1/2 (0.8)(7.0)²+1/2(0.6)(0)²=1/2(0.8+0.6)(4)²+1/2(1200)x²

19.6=11.2+600x²
8.4=600x²
x=√0.014
x=0.12Here's my work for the frame when both masses are moving:

1/2 (0.8)(2.0)²+1/2(0.6)(5.0)²=1/2(0.8+0.6)(1)²+1/2(1200)x²
9.1 = 0.7 +600x²
8.4=600x²
x=√0.014
x=0.12Edit: Forgot to add my answers

 

[PeroK]

I guess it wouldn't be frame dependent. I tried this but I guess I'm still doing something wrong.

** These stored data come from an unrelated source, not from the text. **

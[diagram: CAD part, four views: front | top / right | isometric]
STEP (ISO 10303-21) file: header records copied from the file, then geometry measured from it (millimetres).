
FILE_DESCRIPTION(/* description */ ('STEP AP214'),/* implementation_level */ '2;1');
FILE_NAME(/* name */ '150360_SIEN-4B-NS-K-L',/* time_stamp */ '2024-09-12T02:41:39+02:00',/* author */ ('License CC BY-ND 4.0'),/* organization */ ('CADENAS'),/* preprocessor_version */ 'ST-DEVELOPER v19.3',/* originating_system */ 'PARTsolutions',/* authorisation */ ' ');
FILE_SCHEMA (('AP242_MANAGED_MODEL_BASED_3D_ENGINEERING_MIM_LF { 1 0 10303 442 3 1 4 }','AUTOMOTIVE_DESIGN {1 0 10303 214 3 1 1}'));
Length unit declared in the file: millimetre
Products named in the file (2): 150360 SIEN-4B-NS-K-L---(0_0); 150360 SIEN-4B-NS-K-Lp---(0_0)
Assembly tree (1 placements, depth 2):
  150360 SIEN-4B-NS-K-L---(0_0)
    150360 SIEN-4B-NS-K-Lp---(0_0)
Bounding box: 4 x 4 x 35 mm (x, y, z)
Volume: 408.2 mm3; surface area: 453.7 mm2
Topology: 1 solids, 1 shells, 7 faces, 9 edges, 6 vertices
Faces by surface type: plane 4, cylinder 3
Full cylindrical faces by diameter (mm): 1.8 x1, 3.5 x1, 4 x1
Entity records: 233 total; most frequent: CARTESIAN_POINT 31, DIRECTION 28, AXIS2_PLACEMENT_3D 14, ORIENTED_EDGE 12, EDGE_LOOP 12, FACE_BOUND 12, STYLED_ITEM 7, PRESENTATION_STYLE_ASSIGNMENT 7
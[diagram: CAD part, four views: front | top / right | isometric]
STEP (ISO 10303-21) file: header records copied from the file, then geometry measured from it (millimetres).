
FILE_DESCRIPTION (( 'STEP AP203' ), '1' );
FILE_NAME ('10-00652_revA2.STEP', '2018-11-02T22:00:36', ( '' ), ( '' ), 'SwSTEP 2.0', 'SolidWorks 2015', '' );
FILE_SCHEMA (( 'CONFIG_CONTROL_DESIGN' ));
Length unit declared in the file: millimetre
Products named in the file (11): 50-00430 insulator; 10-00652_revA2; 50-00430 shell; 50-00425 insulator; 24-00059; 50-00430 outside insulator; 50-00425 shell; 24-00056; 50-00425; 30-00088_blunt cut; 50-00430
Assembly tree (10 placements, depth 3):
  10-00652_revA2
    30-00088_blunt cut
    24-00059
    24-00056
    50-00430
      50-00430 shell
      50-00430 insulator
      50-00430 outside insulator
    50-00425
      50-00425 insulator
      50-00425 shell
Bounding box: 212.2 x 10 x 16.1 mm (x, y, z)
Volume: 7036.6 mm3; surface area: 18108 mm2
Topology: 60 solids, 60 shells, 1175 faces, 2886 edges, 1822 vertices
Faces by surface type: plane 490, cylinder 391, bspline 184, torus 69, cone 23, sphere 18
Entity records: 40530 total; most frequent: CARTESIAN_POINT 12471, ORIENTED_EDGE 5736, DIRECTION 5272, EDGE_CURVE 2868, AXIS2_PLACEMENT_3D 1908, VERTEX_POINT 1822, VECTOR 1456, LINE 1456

Here's my work for the frame when only one mass is moving:

1/2 (0.8)(7.0)²+1/2(0.6)(0)²=1/2(0.8+0.6)(4)²+1/2(1200)x²

19.6=611.2x²

That's just an error. I've no idea where you got $611.2$ from. $\frac12(1200) = 600$, surely?

Here's my work for the frame when both masses are moving:

1/2 (0.8)(2.0)²+1/2(0.6)(5.0)²=1/2(0.8+0.6)(1)²+1/2(1200)x²
9.1 = 0.7 +600x²

I'm still pretty confused.

That looks right. Just solve for $x$.

 

[Specter]

That's just an error. I've no idea where you got $611.2$ from. $\frac12(1200) = 600$, surely?
That looks right. Just solve for $x$.

From my post above. I edited it to include my answers.

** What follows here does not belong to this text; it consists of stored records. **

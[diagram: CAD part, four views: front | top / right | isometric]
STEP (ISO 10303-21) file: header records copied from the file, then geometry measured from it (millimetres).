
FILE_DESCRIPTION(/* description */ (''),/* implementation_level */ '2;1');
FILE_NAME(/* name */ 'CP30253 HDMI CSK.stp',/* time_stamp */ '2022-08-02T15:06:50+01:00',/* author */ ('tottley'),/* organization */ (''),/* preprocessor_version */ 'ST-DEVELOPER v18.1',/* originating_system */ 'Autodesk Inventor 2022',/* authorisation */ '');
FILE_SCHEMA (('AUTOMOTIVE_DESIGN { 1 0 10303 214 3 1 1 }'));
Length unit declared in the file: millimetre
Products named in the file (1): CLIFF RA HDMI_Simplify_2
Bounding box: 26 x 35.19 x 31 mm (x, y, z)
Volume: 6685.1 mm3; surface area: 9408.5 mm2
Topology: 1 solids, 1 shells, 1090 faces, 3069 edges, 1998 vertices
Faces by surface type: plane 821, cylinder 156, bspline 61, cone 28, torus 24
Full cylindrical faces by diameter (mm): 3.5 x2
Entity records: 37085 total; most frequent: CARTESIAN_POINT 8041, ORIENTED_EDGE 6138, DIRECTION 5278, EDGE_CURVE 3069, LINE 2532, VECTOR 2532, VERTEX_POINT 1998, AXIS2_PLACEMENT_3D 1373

Here's my work for the frame when only one mass is moving:

1/2 (0.8)(7.0)2+1/2(0.6)(0)2=1/2(0.8+0.6)(4)2+1/2(1200)x2

19.6=11.2+600x2
8.4=600x2
x=√0.014
x=0.12Here's my work for the frame when both masses are moving:

1/2 (0.8)(2.0)2+1/2(0.6)(5.0)2=1/2(0.8+0.6)(1)2+1/2(1200)x2
9.1 = 0.7 +600x2
8.4=600x2
x=√0.014
x=0.12

Does this look correct? I assume it is because both answers are the same.

Thanks for your help!

 

[haruspex]

From my post above. I edited it to include my answers.

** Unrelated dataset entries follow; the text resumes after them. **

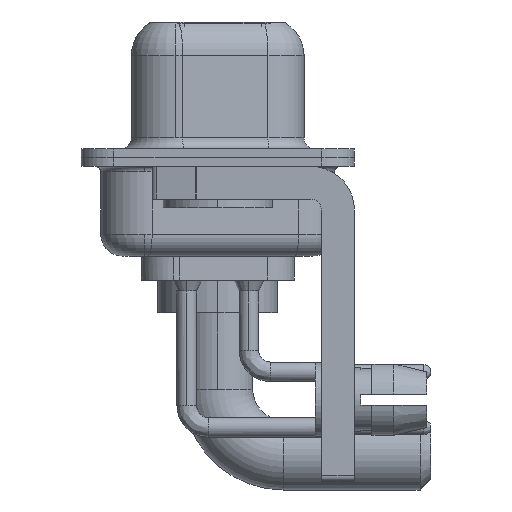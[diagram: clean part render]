
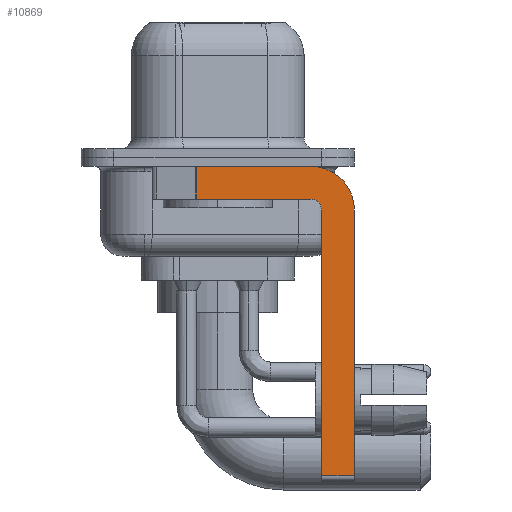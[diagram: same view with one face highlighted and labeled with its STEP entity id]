
A CAD part, left-side view. The second image highlights one B-rep face of the part: STEP entity #10869.
In plain terms, the highlighted planar face has unit normal (-1, 0, 0).
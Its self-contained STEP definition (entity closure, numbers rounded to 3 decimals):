
#16 = VECTOR ( 'NONE', #12862, 1000. ) ;
#172 = VERTEX_POINT ( 'NONE', #23905 ) ;
#415 = ORIENTED_EDGE ( 'NONE', *, *, #13218, .F. ) ;
#922 = AXIS2_PLACEMENT_3D ( 'NONE', #8520, #23959, #20639 ) ;
#1185 = LINE ( 'NONE', #8900, #23261 ) ;
#1200 = FACE_OUTER_BOUND ( 'NONE', #8692, .T. ) ;
#1726 = CARTESIAN_POINT ( 'NONE',  ( -2.9, -6.25, -2.4 ) ) ;
#2307 = DIRECTION ( 'NONE',  ( 0., 0., 1. ) ) ;
#2621 = CARTESIAN_POINT ( 'NONE',  ( -2.9, -4.25, -14.55 ) ) ;
#3103 = VERTEX_POINT ( 'NONE', #3942 ) ;
#3942 = CARTESIAN_POINT ( 'NONE',  ( -2.9, 0.978, -1.9 ) ) ;
#4444 = EDGE_CURVE ( 'NONE', #172, #4588, #7529, .T. ) ;
#4588 = VERTEX_POINT ( 'NONE', #21048 ) ;
#4749 = ORIENTED_EDGE ( 'NONE', *, *, #16389, .T. ) ;
#4835 = EDGE_CURVE ( 'NONE', #15934, #20910, #11029, .T. ) ;
#4978 = DIRECTION ( 'NONE',  ( 1., 0., 0. ) ) ;
#5096 = DIRECTION ( 'NONE',  ( 0., 0., -1. ) ) ;
#5326 = VERTEX_POINT ( 'NONE', #12917 ) ;
#5805 = CARTESIAN_POINT ( 'NONE',  ( -2.9, -4.25, -1.9 ) ) ;
#5835 = VERTEX_POINT ( 'NONE', #1726 ) ;
#5928 = EDGE_CURVE ( 'NONE', #5835, #17182, #15125, .T. ) ;
#6736 = DIRECTION ( 'NONE',  ( 0., -1., 0. ) ) ;
#6929 = LINE ( 'NONE', #2621, #9107 ) ;
#7375 = ORIENTED_EDGE ( 'NONE', *, *, #4835, .F. ) ;
#7529 = LINE ( 'NONE', #22951, #16 ) ;
#7850 = CARTESIAN_POINT ( 'NONE',  ( -2.9, -6.25, -14.55 ) ) ;
#7892 = EDGE_CURVE ( 'NONE', #20910, #5835, #22319, .T. ) ;
#8061 = CARTESIAN_POINT ( 'NONE',  ( -2.9, -4.25, -0.4 ) ) ;
#8131 = ORIENTED_EDGE ( 'NONE', *, *, #5928, .F. ) ;
#8520 = CARTESIAN_POINT ( 'NONE',  ( -2.9, -4.25, -2.4 ) ) ;
#8692 = EDGE_LOOP ( 'NONE', ( #7375, #18411, #415, #14273, #10999, #4749, #8131, #22496 ) ) ;
#8900 = CARTESIAN_POINT ( 'NONE',  ( -2.9, 0.978, -1.9 ) ) ;
#8966 = VECTOR ( 'NONE', #11723, 1000. ) ;
#9107 = VECTOR ( 'NONE', #12520, 1000. ) ;
#10833 = CIRCLE ( 'NONE', #21731, 0.5 ) ;
#10869 = ADVANCED_FACE ( 'NONE', ( #1200 ), #16748, .F. ) ;
#10999 = ORIENTED_EDGE ( 'NONE', *, *, #4444, .F. ) ;
#11029 = LINE ( 'NONE', #18728, #21020 ) ;
#11154 = AXIS2_PLACEMENT_3D ( 'NONE', #24238, #4978, #5096 ) ;
#11723 = DIRECTION ( 'NONE',  ( 0., 0., -1. ) ) ;
#11939 = CARTESIAN_POINT ( 'NONE',  ( -2.9, 0.978, -0.4 ) ) ;
#12520 = DIRECTION ( 'NONE',  ( 0., -1., 0. ) ) ;
#12862 = DIRECTION ( 'NONE',  ( 0., 0., 1. ) ) ;
#12917 = CARTESIAN_POINT ( 'NONE',  ( -2.9, -4.25, -1.9 ) ) ;
#13218 = EDGE_CURVE ( 'NONE', #5326, #3103, #13675, .T. ) ;
#13675 = LINE ( 'NONE', #5805, #18092 ) ;
#14097 = CARTESIAN_POINT ( 'NONE',  ( -2.9, -4.25, -2.4 ) ) ;
#14273 = ORIENTED_EDGE ( 'NONE', *, *, #20253, .F. ) ;
#15125 = LINE ( 'NONE', #21306, #8966 ) ;
#15934 = VERTEX_POINT ( 'NONE', #11939 ) ;
#16389 = EDGE_CURVE ( 'NONE', #172, #17182, #6929, .T. ) ;
#16618 = DIRECTION ( 'NONE',  ( 0., 0., -1. ) ) ;
#16748 = PLANE ( 'NONE',  #11154 ) ;
#16783 = EDGE_CURVE ( 'NONE', #15934, #3103, #1185, .T. ) ;
#17182 = VERTEX_POINT ( 'NONE', #7850 ) ;
#18092 = VECTOR ( 'NONE', #19209, 1000. ) ;
#18411 = ORIENTED_EDGE ( 'NONE', *, *, #16783, .T. ) ;
#18728 = CARTESIAN_POINT ( 'NONE',  ( -2.9, 3., -0.4 ) ) ;
#19209 = DIRECTION ( 'NONE',  ( 0., 1., 0. ) ) ;
#20253 = EDGE_CURVE ( 'NONE', #4588, #5326, #10833, .T. ) ;
#20639 = DIRECTION ( 'NONE',  ( 0., 0., -1. ) ) ;
#20910 = VERTEX_POINT ( 'NONE', #8061 ) ;
#21020 = VECTOR ( 'NONE', #6736, 1000. ) ;
#21048 = CARTESIAN_POINT ( 'NONE',  ( -2.9, -4.75, -2.4 ) ) ;
#21306 = CARTESIAN_POINT ( 'NONE',  ( -2.9, -6.25, -2.4 ) ) ;
#21731 = AXIS2_PLACEMENT_3D ( 'NONE', #14097, #21787, #2307 ) ;
#21787 = DIRECTION ( 'NONE',  ( -1., 0., 0. ) ) ;
#22319 = CIRCLE ( 'NONE', #922, 2. ) ;
#22496 = ORIENTED_EDGE ( 'NONE', *, *, #7892, .F. ) ;
#22951 = CARTESIAN_POINT ( 'NONE',  ( -2.9, -4.75, -14.8 ) ) ;
#23261 = VECTOR ( 'NONE', #16618, 1000. ) ;
#23905 = CARTESIAN_POINT ( 'NONE',  ( -2.9, -4.75, -14.55 ) ) ;
#23959 = DIRECTION ( 'NONE',  ( 1., 0., 0. ) ) ;
#24238 = CARTESIAN_POINT ( 'NONE',  ( -2.9, -4.25, -2.4 ) ) ;

Here's my work for the frame when only one mass is moving:

1/2 (0.8)(7.0)2+1/2(0.6)(0)2=1/2(0.8+0.6)(4)2+1/2(1200)x2

19.6=11.2+600x2
8.4=600x2
x=√0.014
x=0.12Here's my work for the frame when both masses are moving:

1/2 (0.8)(2.0)2+1/2(0.6)(5.0)2=1/2(0.8+0.6)(1)2+1/2(1200)x2
9.1 = 0.7 +600x2
8.4=600x2
x=√0.014
x=0.12

Does this look correct? I assume it is because both answers are the same.

Thanks for your help!

Looks right.

Are you familiar with Newton's Experimental Law? It's mainly for partially elastic cases, but in the special case of fully elastic it can be derived from the momentum and energy conservation laws and has the advantage of avoiding quadratics. It says the relative velocity (regardless of mass) merely swaps sign. So if the first mass bounces back at speed u West and the second bounces back at speed v East then u+v=5+2=7 m/s.

 

[Specter]

Looks right.

Are you familiar with Newton's Experimental Law? It's mainly for partially elastic cases, but in the special case of fully elastic it can be derived from the momentum and energy conservation laws and has the advantage of avoiding quadratics. It says the relative velocity (regardless of mass) merely swaps sign. So if the first mass bounces back at speed u West and the second bounces back at speed v East then u+v=5+2=7 m/s.

I've never heard of it but I will keep that in mind. Thanks!